Survivor’s appeal stems from the unscripted experiences of its contestants. Left to survive on the island and separated into two teams, contestant “castaways” are responsible for getting their own food and water, building shelters, and managing campfires, all while competing in challenges against each other to earn island luxuries like a spa day. After each challenge, the losing castaways are sent to a tribal council and forced to vote one of their team members off the island. While the cut-throat elimination certainly raises tensions, the contestants’ island stays are also littered with physical dangers. Intense injuries culminating in a whopping 17 medical evacuations by boat and helicopter have actualized the fears of many castaways and viewers alike. In the show’s second season, for instance, contestant Michael Skupin was evacuated by helicopter after falling face first into his firepit. Skupin’s accident is widely regarded as the most intense in the show’s history, but was certainly not the last island catastrophe. By placing its contestants in truly high-stakes environments, Survivor rises above other survivalist shows like Naked and Afraid, in which contestants are supplied with behind-the-scenes amenities like vitamin supplements, delegitimizing the survivalist aspect.

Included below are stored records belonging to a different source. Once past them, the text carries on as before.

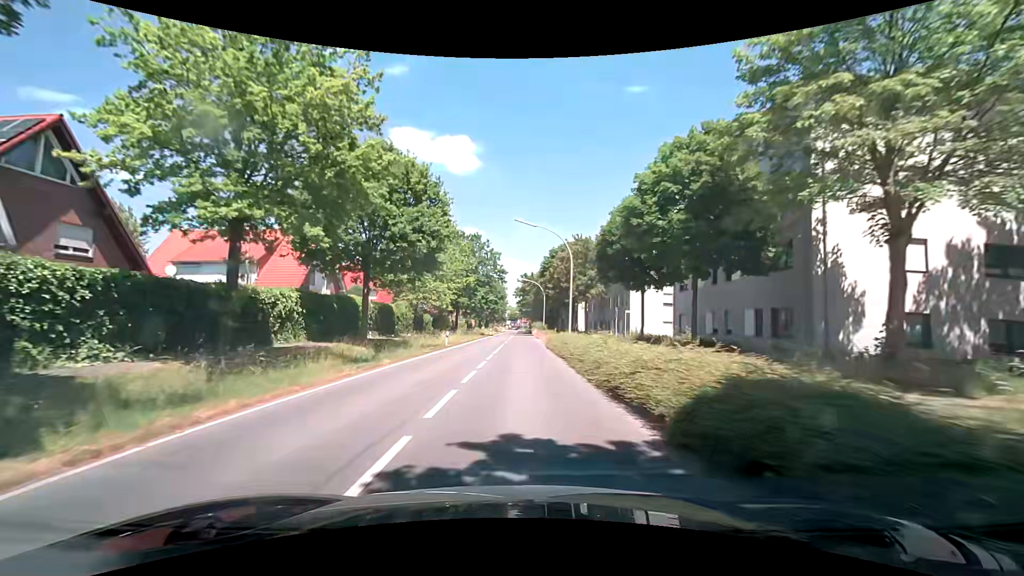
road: secondary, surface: asphalt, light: Day
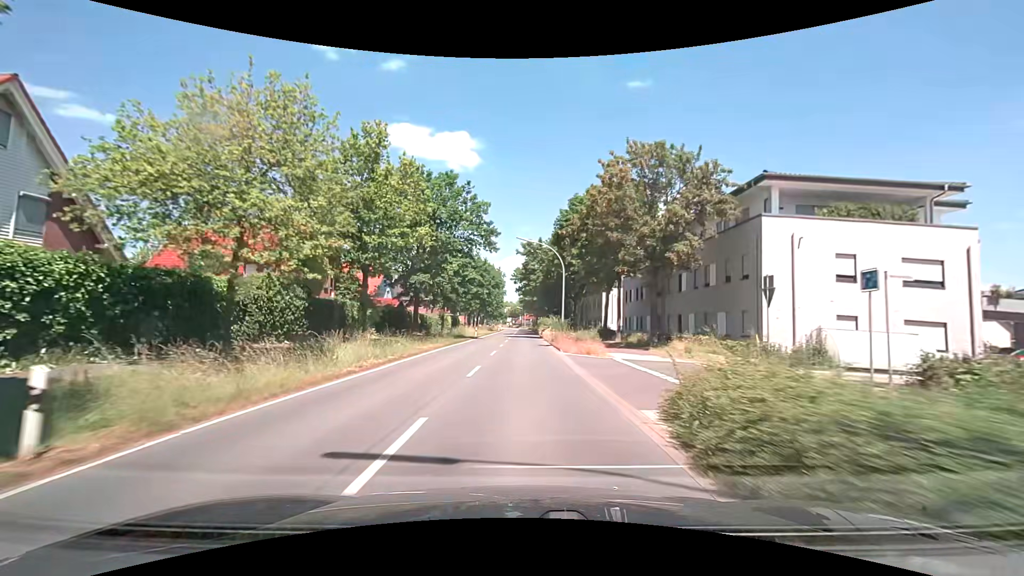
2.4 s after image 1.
(0.0, +29.9) m; 0°
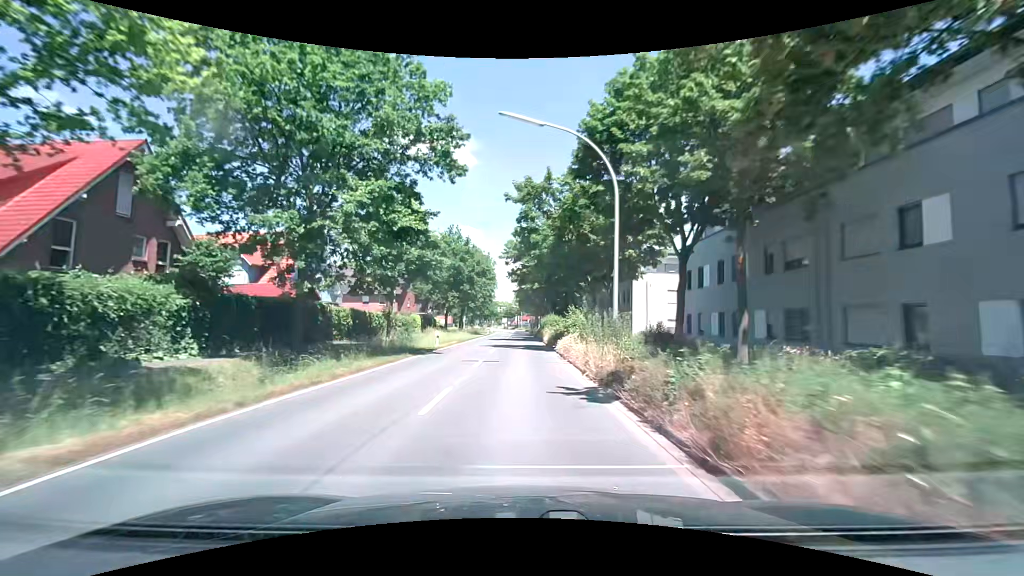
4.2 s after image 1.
(+0.1, +23.0) m; 0°
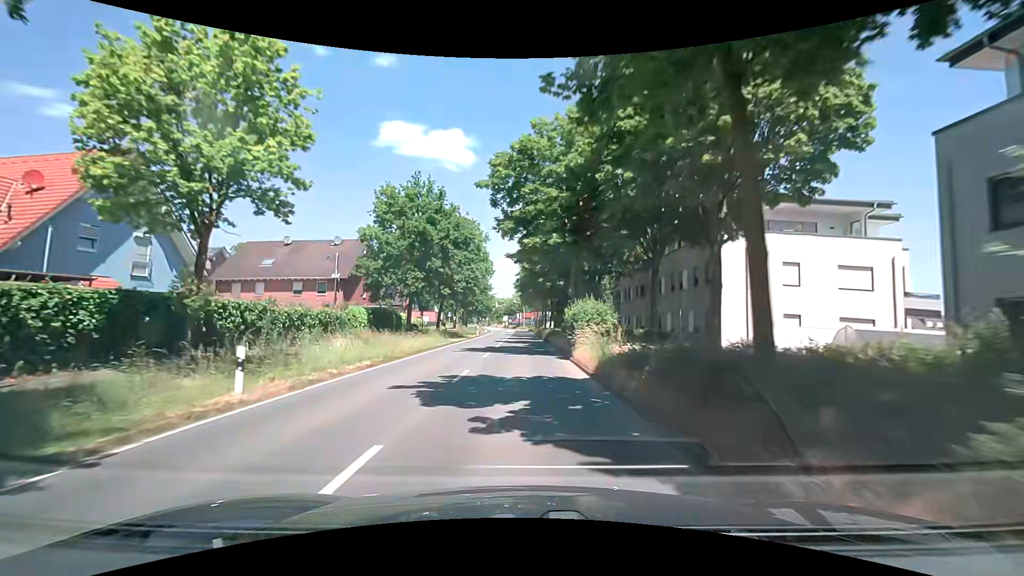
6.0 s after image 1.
(+0.2, +22.7) m; 0°
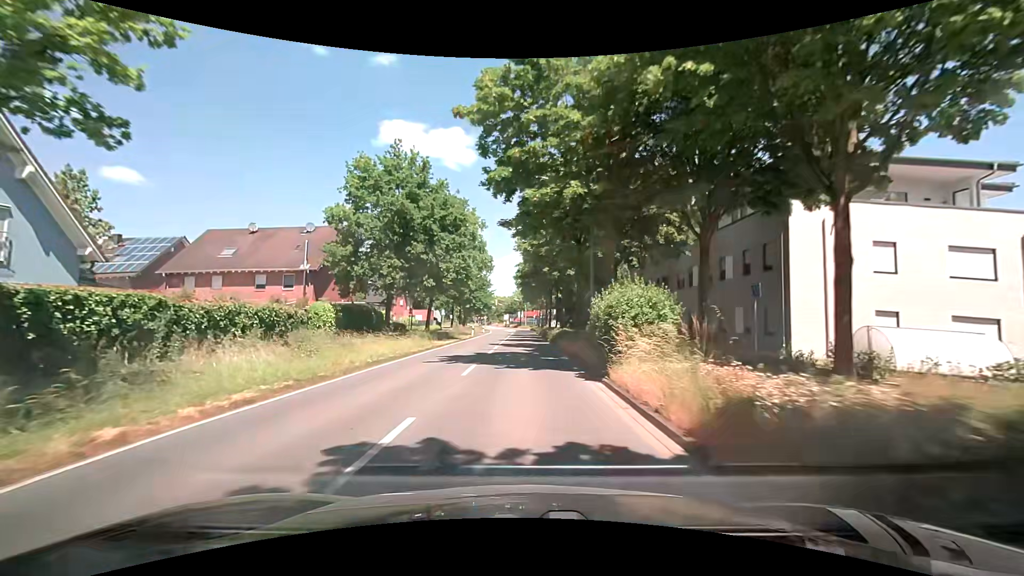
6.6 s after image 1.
(+0.1, +7.4) m; 0°
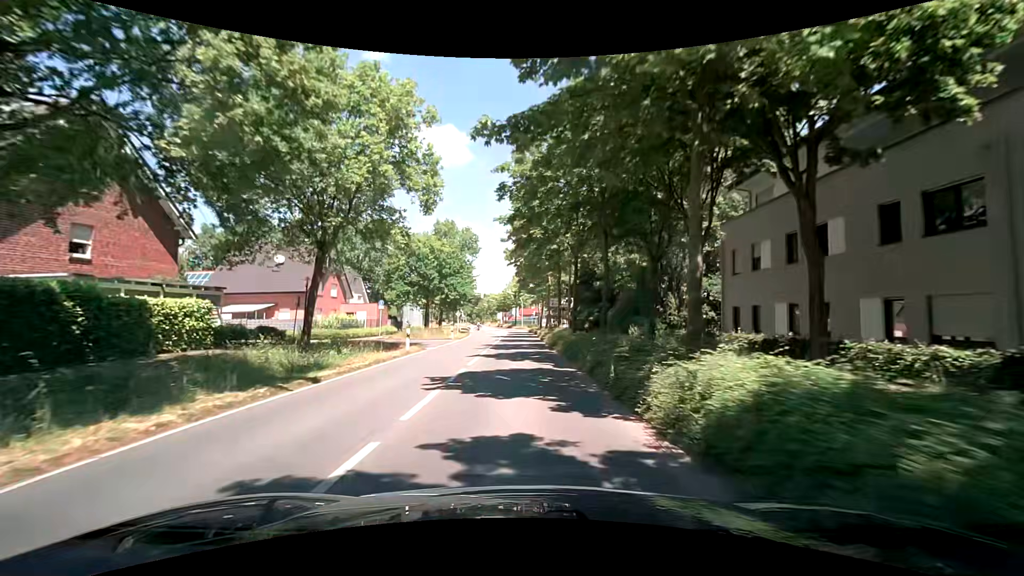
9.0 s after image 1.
(+0.2, +27.9) m; 0°
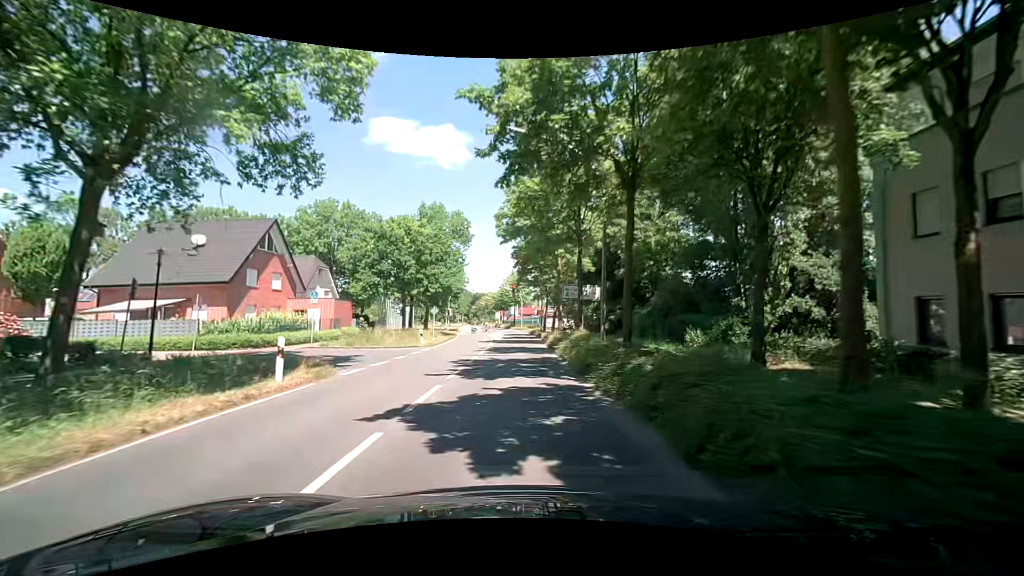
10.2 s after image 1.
(+0.2, +12.6) m; +1°
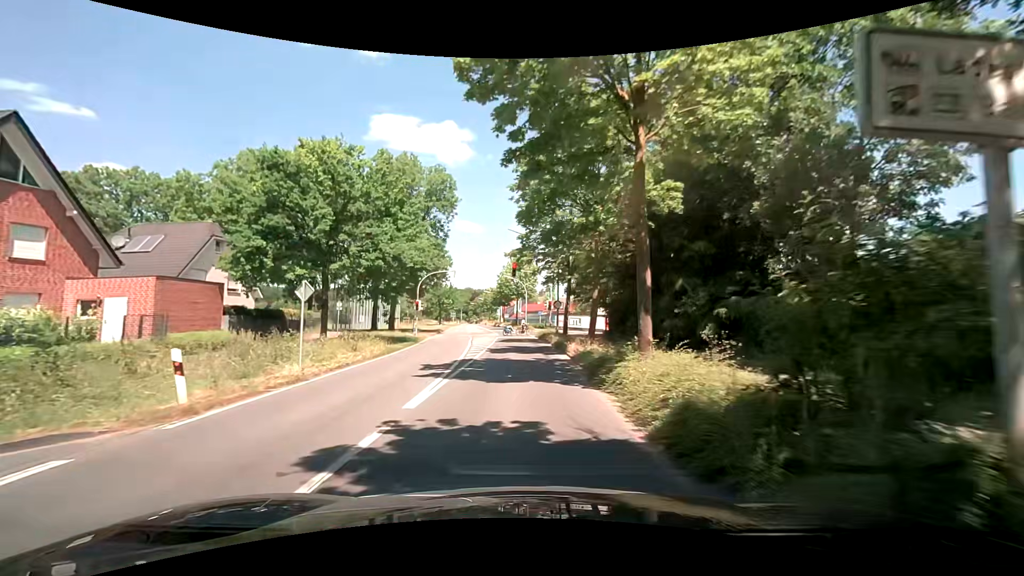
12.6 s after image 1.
(-0.1, +21.3) m; 0°

The dangers of Survivor put the “real” in reality TV, and are beautifully harmonized with the heartwarming relationships that play out onscreen. As each season draws to a close, loved ones of the remaining castaways join the show for a reunion, but with an exhilarating twist: they must compete in a challenge to spend the day together. After contestants’ month-long separation from their families and friends, these reunions are tear-jerkers, most notably when parents are reunited with their children. In season 12, single father Shane Powers was brought to tears when Probst brought his teenage son, Boston, for a now fan-favorite loved one’s visit. Survivor has even forged new relationships between castaways, which have ultimately extended far beyond the show. Beloved contestant Amber Brkich quickly became Amber Mariano after hitting it off with iconic contestant Rob “Boston Rob” Mariano on an all-star season in 2004; they got engaged on the season’s reunion show.

Through its nail-biting suspense and moving displays of emotion, Survivor has captured the hearts of a massive audience for decades. In fact, its success has even inspired the creation of spin-off international franchises like Survivor: South Africa and Survivor: Australia. While cable TV continues to be replaced by streaming services, by some miracle, Survivor will remain.